> Directions for this task
Every line between the one containing "3.6 seconds since the first image." and the last line of the data, both included, is to be set down exactly, and pictures are to be omitted.

> Material to process
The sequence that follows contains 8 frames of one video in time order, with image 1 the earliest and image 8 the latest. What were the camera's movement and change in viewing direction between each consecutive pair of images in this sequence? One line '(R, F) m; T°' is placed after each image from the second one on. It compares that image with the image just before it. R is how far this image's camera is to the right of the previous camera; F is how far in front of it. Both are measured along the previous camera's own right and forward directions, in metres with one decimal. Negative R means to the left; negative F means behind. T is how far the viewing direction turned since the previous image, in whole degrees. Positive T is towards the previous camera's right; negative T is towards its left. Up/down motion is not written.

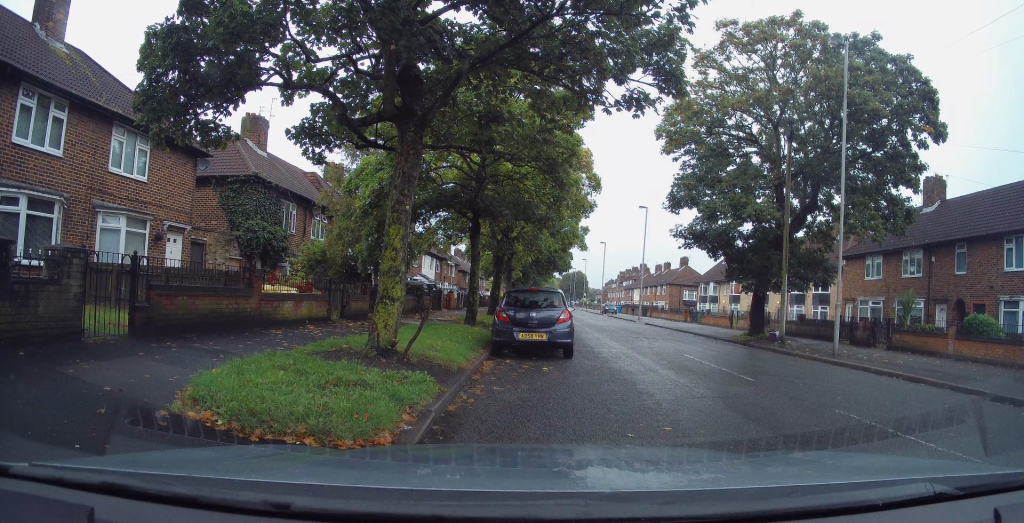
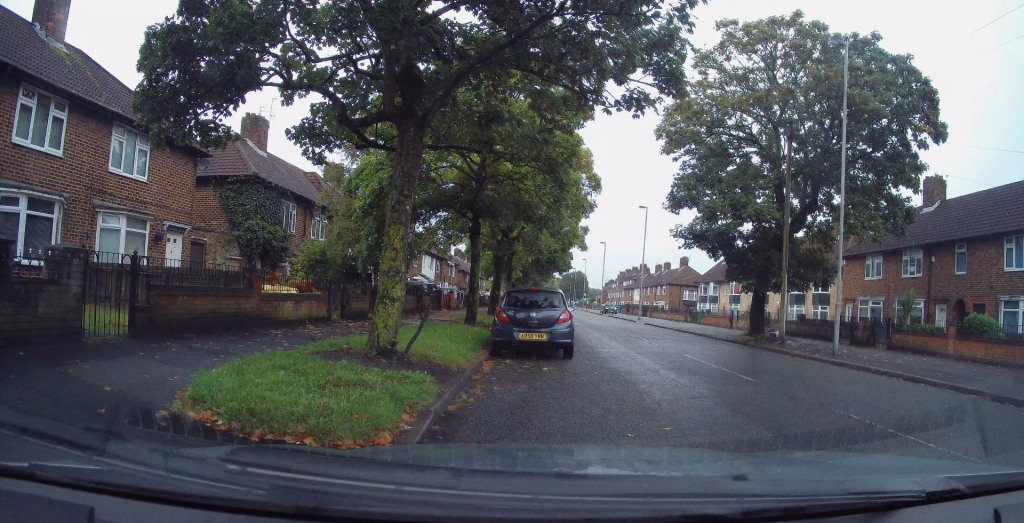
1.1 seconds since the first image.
(0.0, 0.0) m; 0°
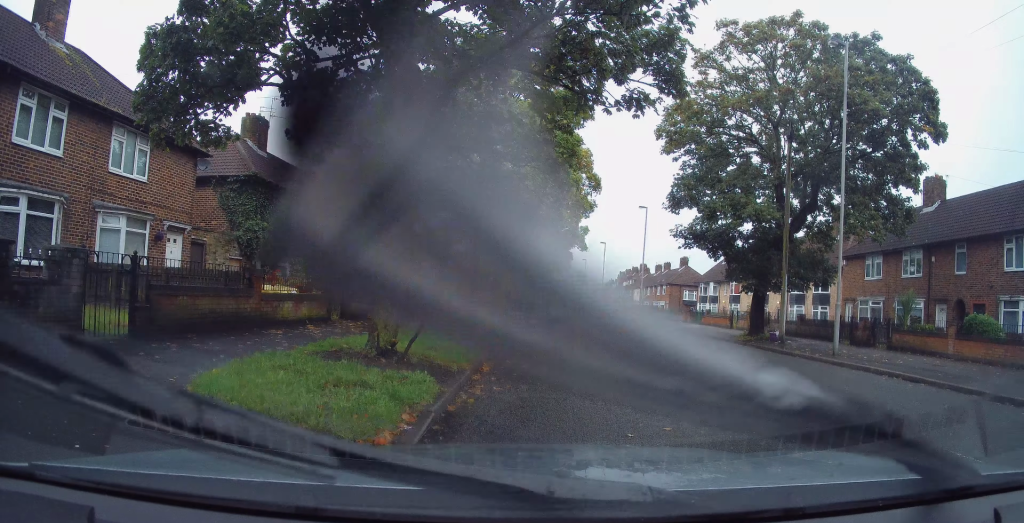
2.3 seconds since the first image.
(0.0, 0.0) m; 0°
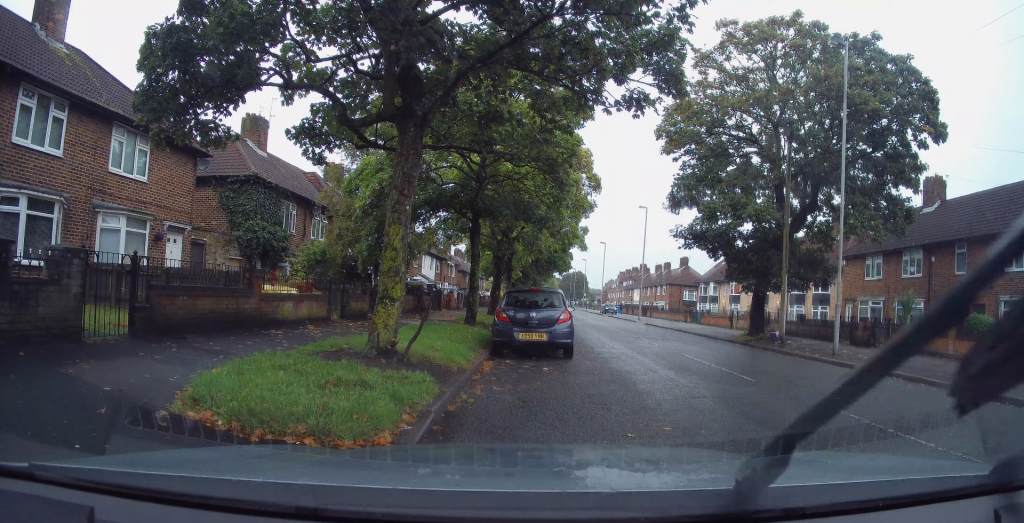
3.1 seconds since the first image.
(0.0, 0.0) m; 0°
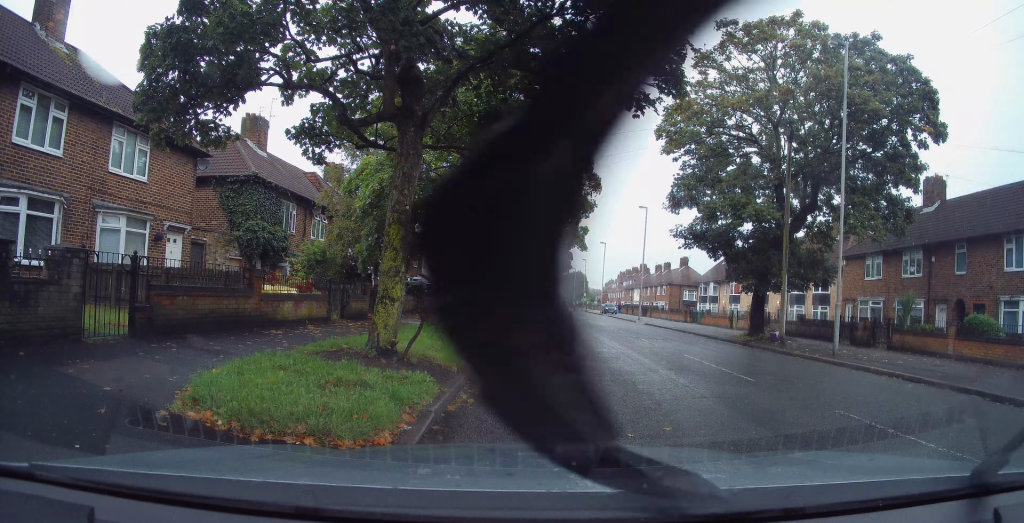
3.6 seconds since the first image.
(0.0, 0.0) m; 0°
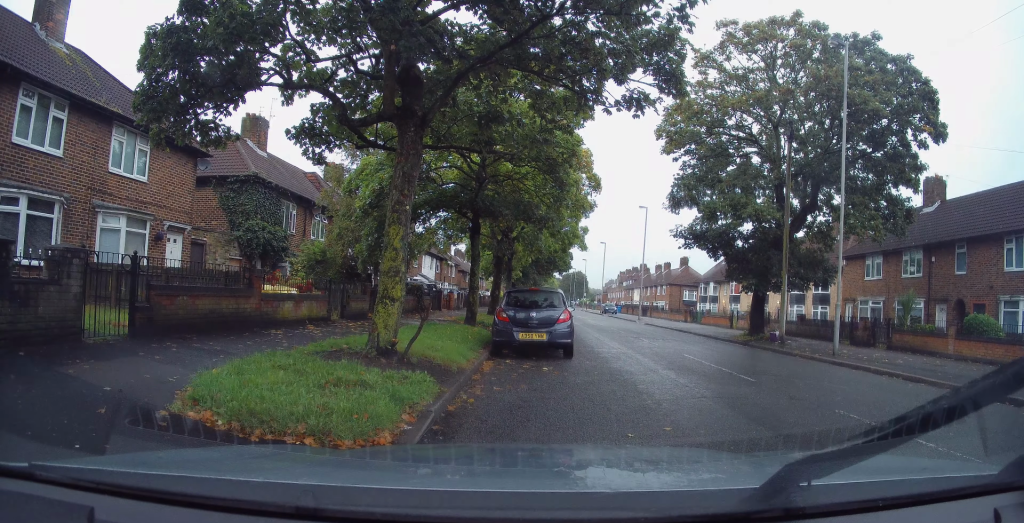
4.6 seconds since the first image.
(0.0, 0.0) m; 0°
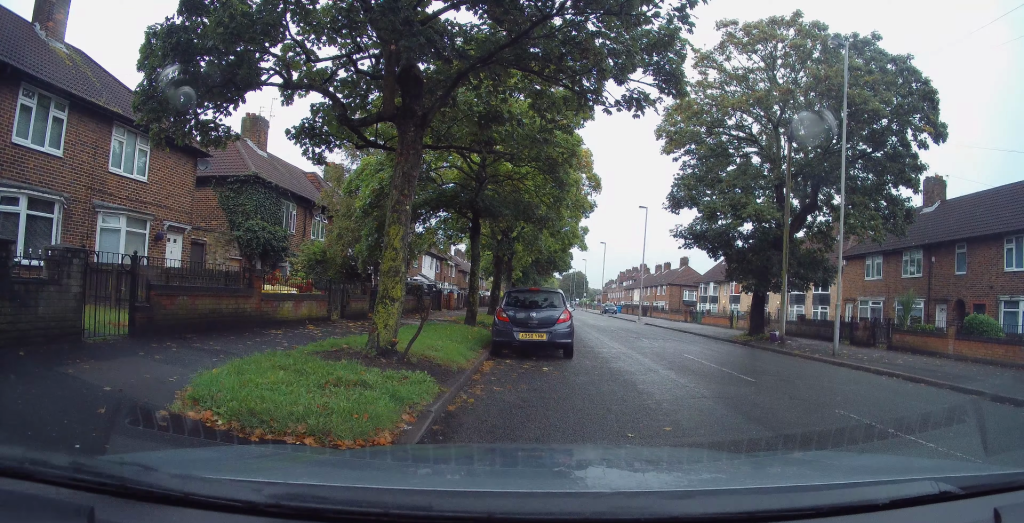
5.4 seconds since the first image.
(0.0, 0.0) m; 0°
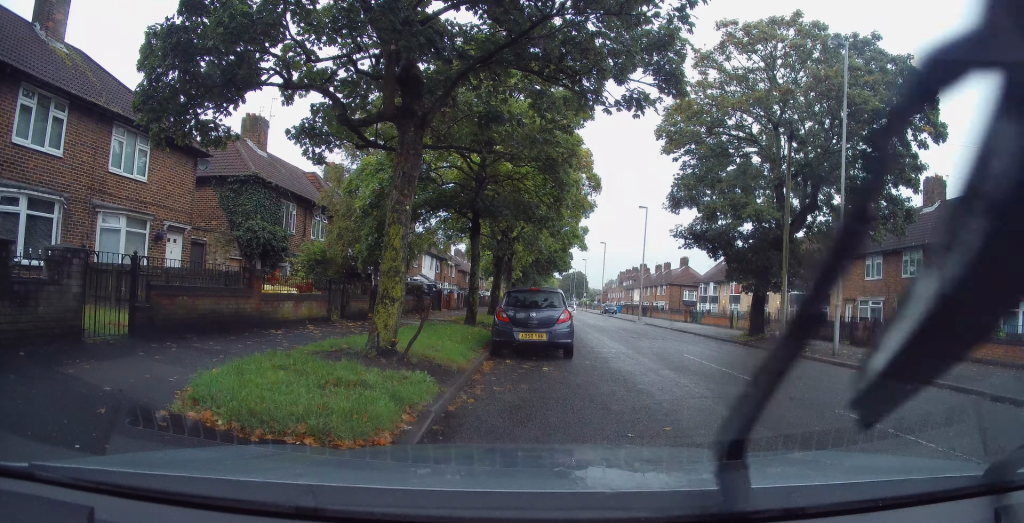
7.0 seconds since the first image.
(0.0, 0.0) m; 0°

> Expected output
3.6 seconds since the first image.
(0.0, 0.0) m; 0°
4.6 seconds since the first image.
(0.0, 0.0) m; 0°
5.4 seconds since the first image.
(0.0, 0.0) m; 0°
7.0 seconds since the first image.
(0.0, 0.0) m; 0°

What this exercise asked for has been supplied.